The 1984 Tournament Players Championship was a golf tournament in Florida on the PGA Tour, held March 29 to April 1 at TPC Sawgrass in Ponte Vedra Beach, southeast of Jacksonville. It was the eleventh Tournament Players Championship.

Fred Couples, age 24, shot a course record 64 in the second round, and finished at 277, one stroke ahead of runner-up Lee Trevino.

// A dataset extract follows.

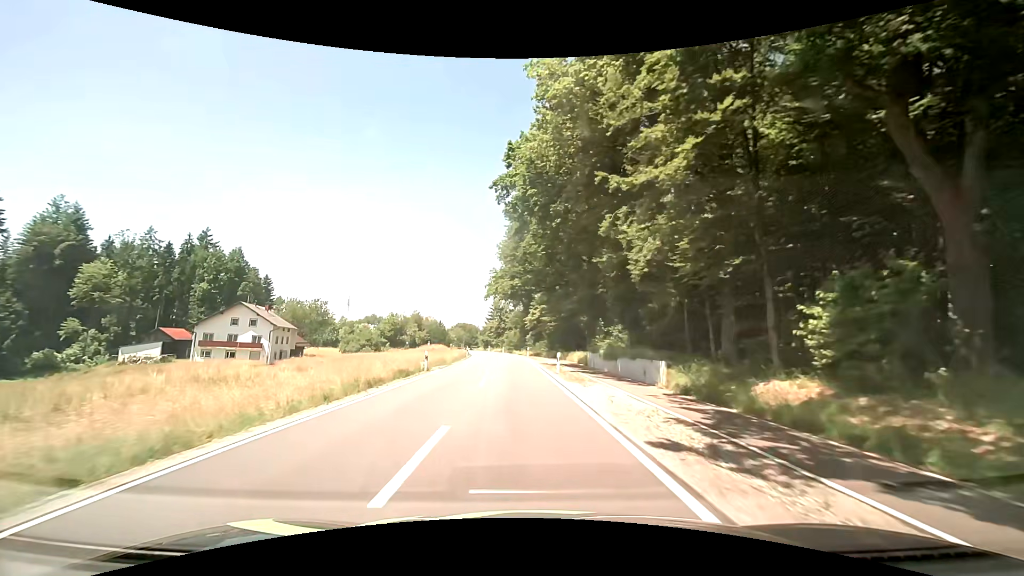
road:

It was his second win on tour, and he won this championship twelve years later in 1996. Trevino, the champion in 1980 at adjacent Sawgrass Country Club, had missed the cut at the previous two editions, the first two held at the new venue.

Defending champion Hal Sutton finished sixteen strokes back, in a tie for 41st place.

Couples was the youngest champion for twenty years, until Adam Scott won at age 23 in 2004. Sutton had been the youngest, but only for a year; Couples was five months younger at the time of his win.

Eight years later, Couples lowered the course record to 63 in the third round, but finished eight strokes back.

==Venue==

This was the third Tournament Players Championship held at the TPC at Sawgrass Stadium Course and it remained at 6857 yd. In response to player concerns, the course had undergone further refinements: greens were flattened and slowed and most of the waste areas were removed.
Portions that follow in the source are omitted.